Cumhurbaşkanı Recep Tayyip Erdoğan, Avukatlar Günü nedeniyle avukatlara seslendi. Cumhurbaşkanı Erdoğan'ın konuşmasının satır başları şöyle:
"Gezi olayları da Paralel Yapı'nın darbe girişimi de 7 Haziran öncesi yaratılan ortam da birbirinden farklı gibi görünüyor. Ama aynı dosyanın birbirini takip eden duruşmalarından bahsediyoruz.
Bölücü terör örgütü temmuz ayında eylemlere başladığında örgütün zekasını aşan bir planlamasının olduğunu gördüm. Şehit olan güvenlik güçlerimiz olmasa terör örgütünün eylemleri bizim için Gezi olaylarından daha büyük bir tehdit değil.
BROOKINGS ENSTİTÜSÜNDE YAŞANANLAR
Orası özgürlükler ülkesi.
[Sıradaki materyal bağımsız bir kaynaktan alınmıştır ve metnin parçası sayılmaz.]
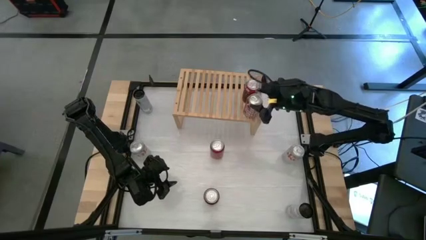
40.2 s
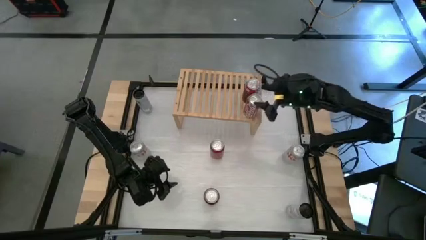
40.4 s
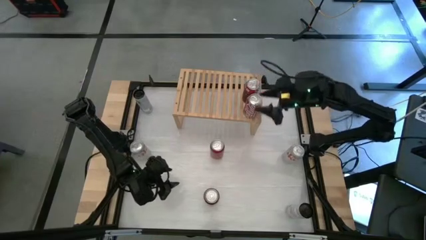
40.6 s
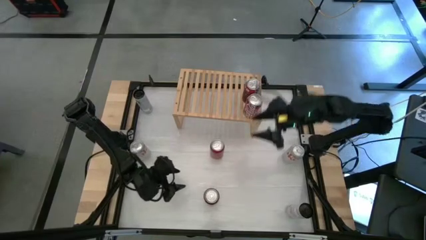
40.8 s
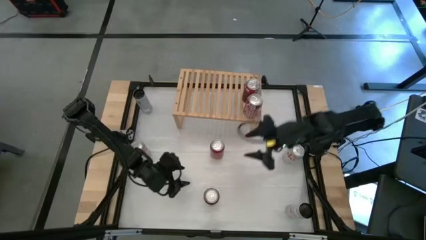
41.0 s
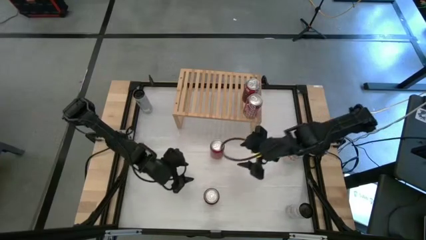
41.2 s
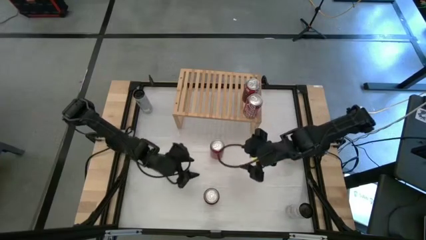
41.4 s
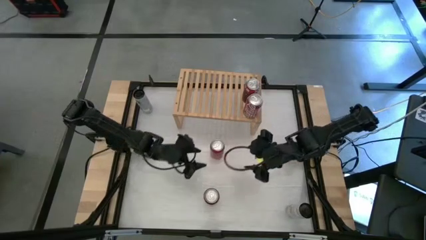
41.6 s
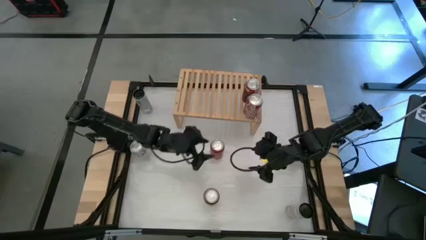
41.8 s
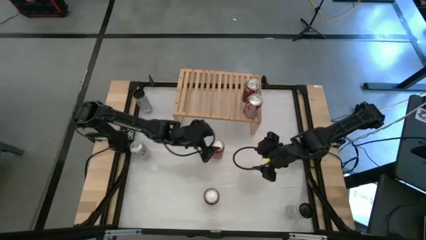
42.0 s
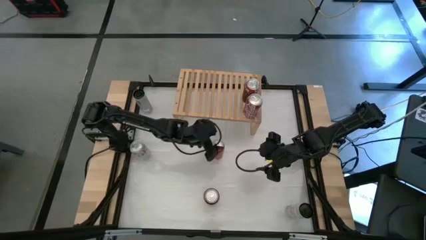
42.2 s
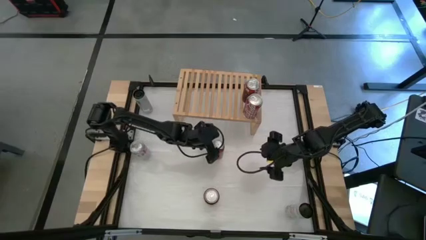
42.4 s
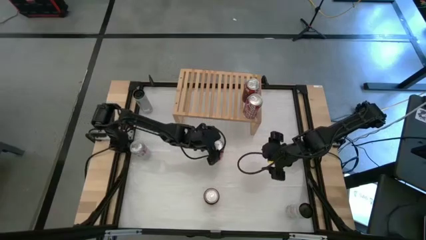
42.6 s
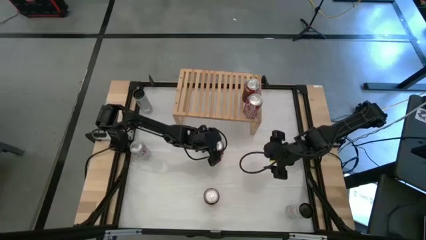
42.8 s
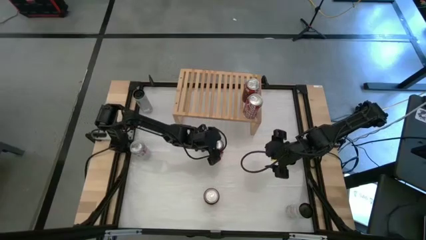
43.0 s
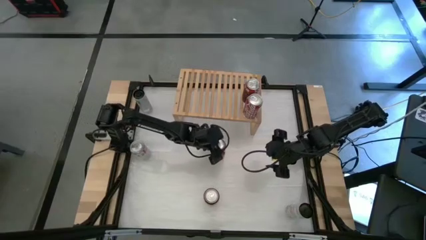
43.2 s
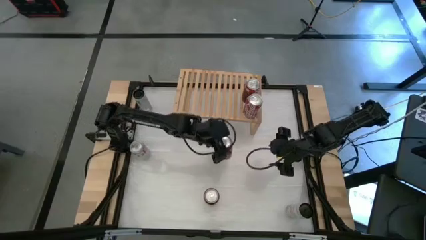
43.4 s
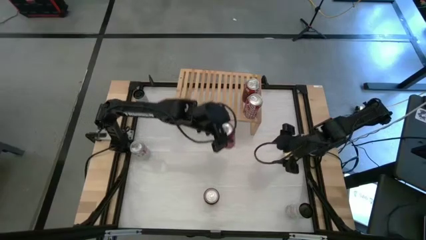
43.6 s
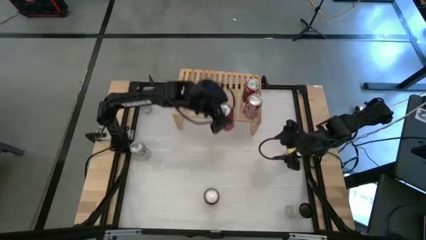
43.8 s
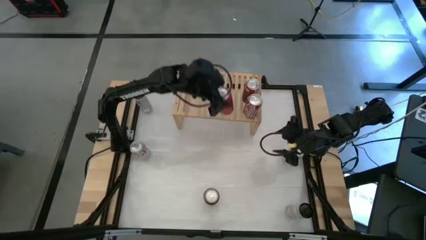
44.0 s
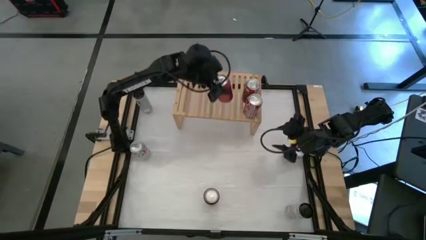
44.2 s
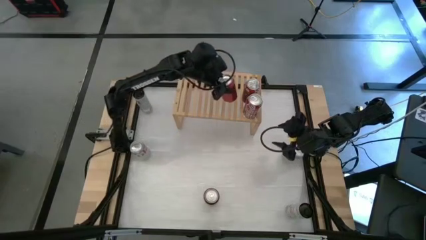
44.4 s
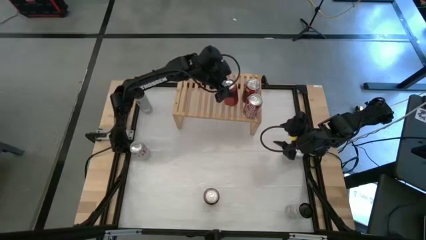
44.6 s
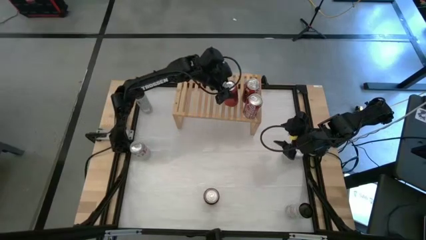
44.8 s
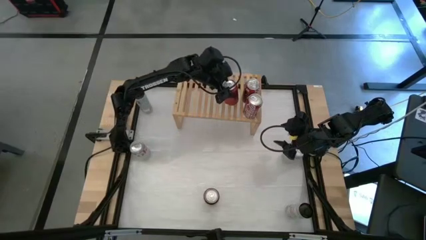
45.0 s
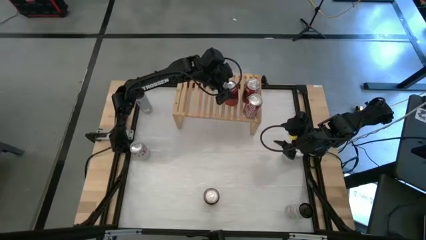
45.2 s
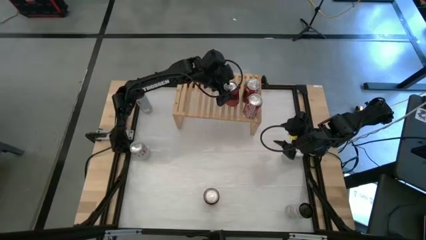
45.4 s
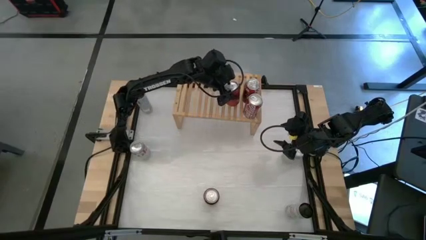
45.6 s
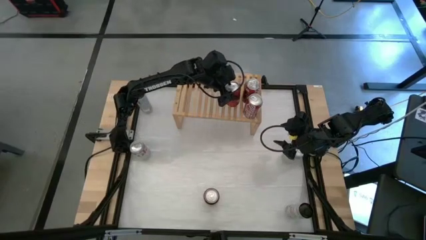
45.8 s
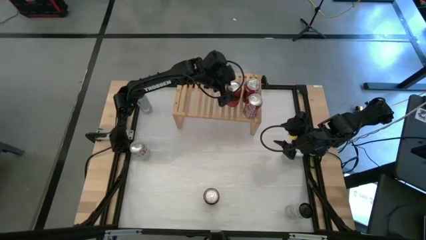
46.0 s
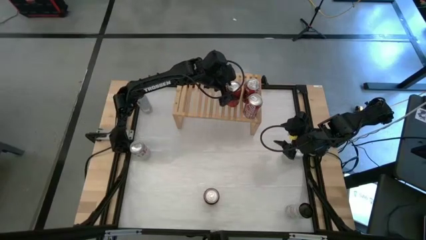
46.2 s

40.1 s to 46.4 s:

Ama kısa süre önce aynı yerde Obama’ya ölüm tehdidi gönderen birisi 3 yıla mahkum oluyor. Özgürlükler ülkesi ya şu anda içeride. Bizde tweetten filan mahkum olanı görmedim. Sadece olsa olsa tazminat alıyoruz. Onu daben almıyorum zaten avukat arkadaşlara 'bildiğiniz gibi yapın' diyorum.
Son seyahat. Brookings Enstitüsü'nde konuşmam var, malum yapılar gelmiş. 100-150 kişiler. Hayatta biraraya gelemeyecekler orada; PKK, PYD, ASALA, paralel devlet yapılanması ve Atatürkçü Düşünce Kuruluşu da orada. Kimisi YPG'nin paçavrasını sallıyor, paralel yapı temsilcisi orada. Önce hepsi bana saldırıyordu. Biraz sonra Atatürkçü Düşünce Kuruluşu'ndan birileri onlara saldırdı. Onlar birbirine girdi.
Öbür tarafta bizi destekleyen bir grup. Bağırdıkları kim Türkiye Cumhuriyeti Cumhurbaşkanı. Tablo açık ve net ortada. Kimler, kime, karşı nerede bir araya geliyor? Güvenlik güçlerinin müdahalesi söz konusu değil. Orası özgürlükler ülkesi. Obama'yaTwitter'dan ölüm tehdidi gönderen birisi 3 yıla mahkum oluyor. Özgürlükler ülkesi ya. Bana onca ölüm tehditleri oluyor, alsak alsak tazminat alıyoruz.
Kuzu postuna bürünmüş sırtlanlar terör örgütüne hizmet ediyorlar. Devletine milletine ihanet eden kimseyi sırtımızda taşımak zorunda değiliz. Şehitlerimiz oluyor. Ciğerimiz dağlanıyor. Gün geliyor bizler de anneler gibi mahzun hale düşüyoruz. Ama şunu biliyoruz bu araziler tapu kadastrosundaki yerler değildir. Bu topraklar şüheda kanıyla ıslanınca vatan olur.
Belki biz bir ölüyoruz ama en az on yirmi otuz onlardan öldürüyoruz. Bunlar bizim vatandaşımız dahi olamazlar. Bizim gidecek başka bir vatanımız yok. Vatanını kaybetmenin özgürlüğünü yitirmenin ne demek olduğunu işte bölgemizdeki gelişmelere bakınca görüyoruz.